→ What to work on
Should an entry contain an image, omit it and repeat the rest exactly.

→ Available records
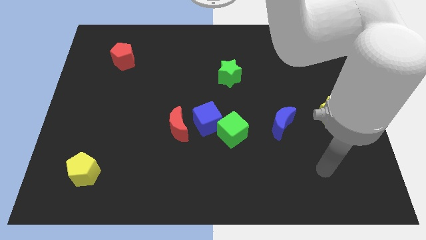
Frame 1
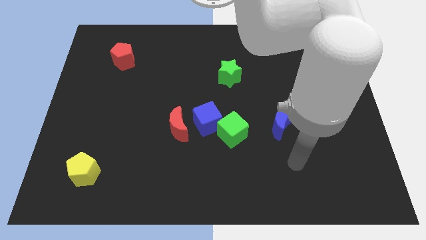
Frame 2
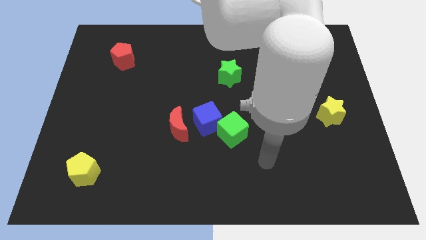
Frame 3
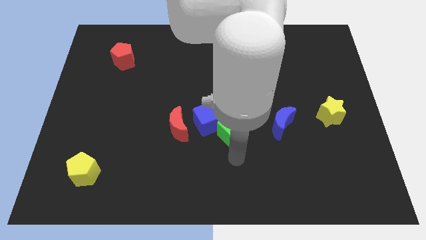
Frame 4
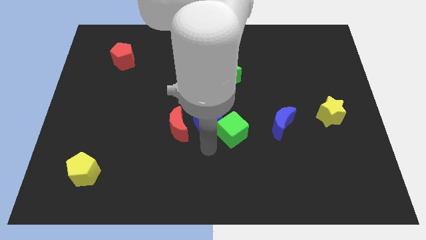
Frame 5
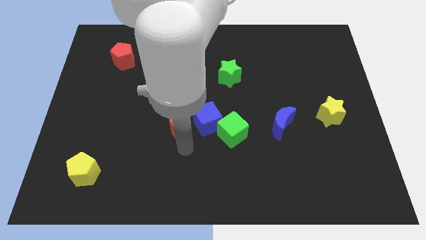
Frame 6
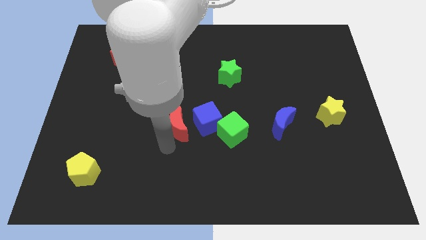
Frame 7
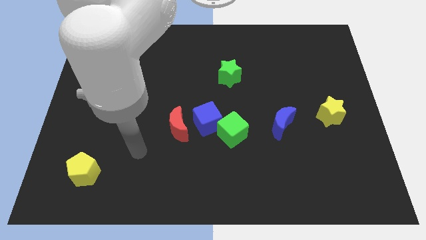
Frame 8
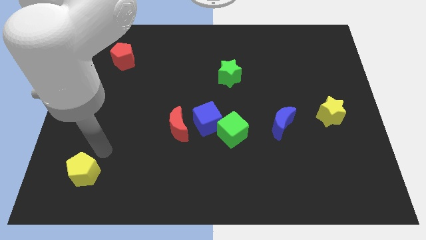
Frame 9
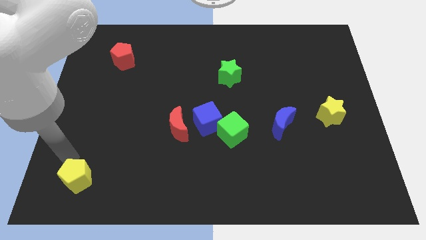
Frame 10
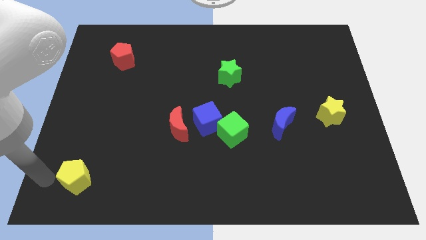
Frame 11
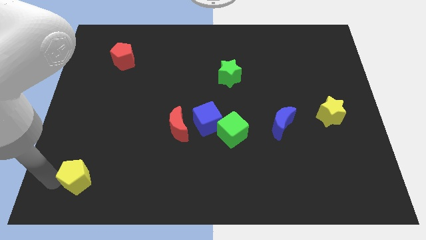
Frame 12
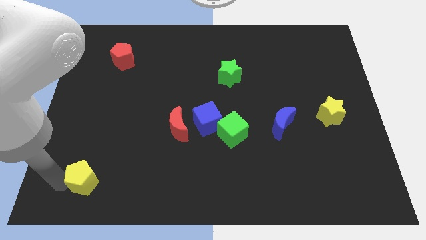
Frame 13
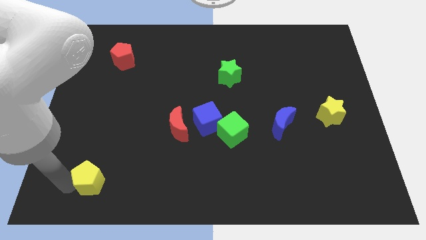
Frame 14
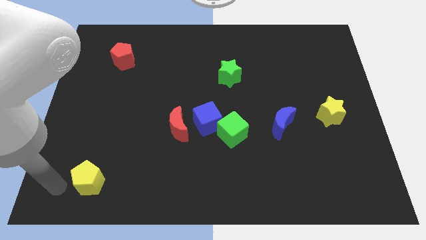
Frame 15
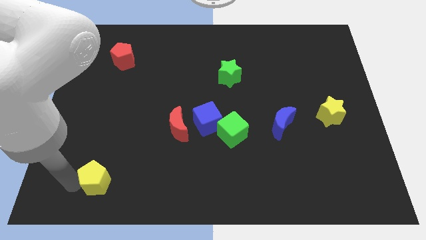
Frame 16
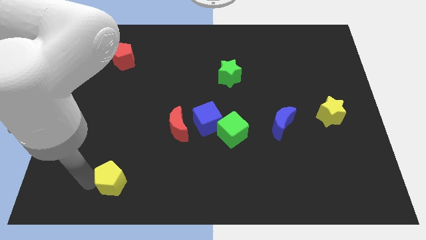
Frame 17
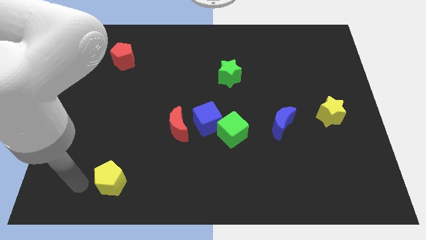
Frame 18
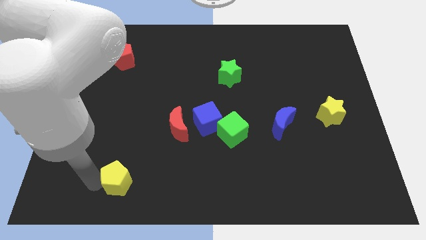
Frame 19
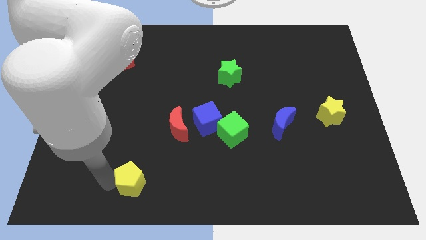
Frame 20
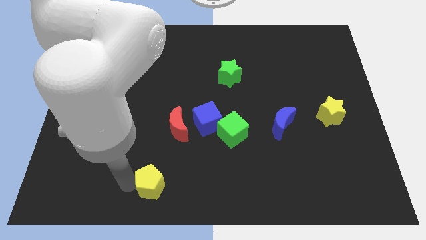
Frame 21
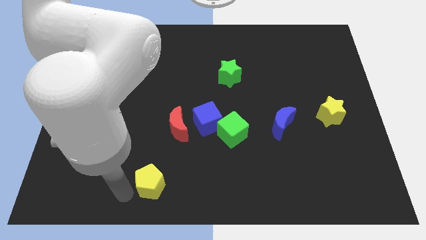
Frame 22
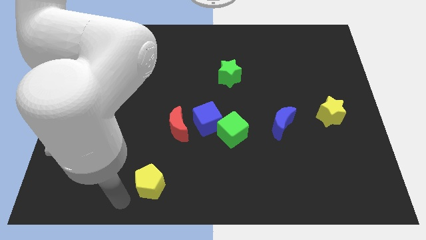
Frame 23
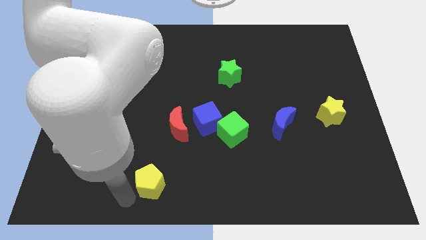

→ Response to the exercise
Frame 1
Frame 2
Frame 3
Frame 4
Frame 5
Frame 6
Frame 7
Frame 8
Frame 9
Frame 10
Frame 11
Frame 12
Frame 13
Frame 14
Frame 15
Frame 16
Frame 17
Frame 18
Frame 19
Frame 20
Frame 21
Frame 22
Frame 23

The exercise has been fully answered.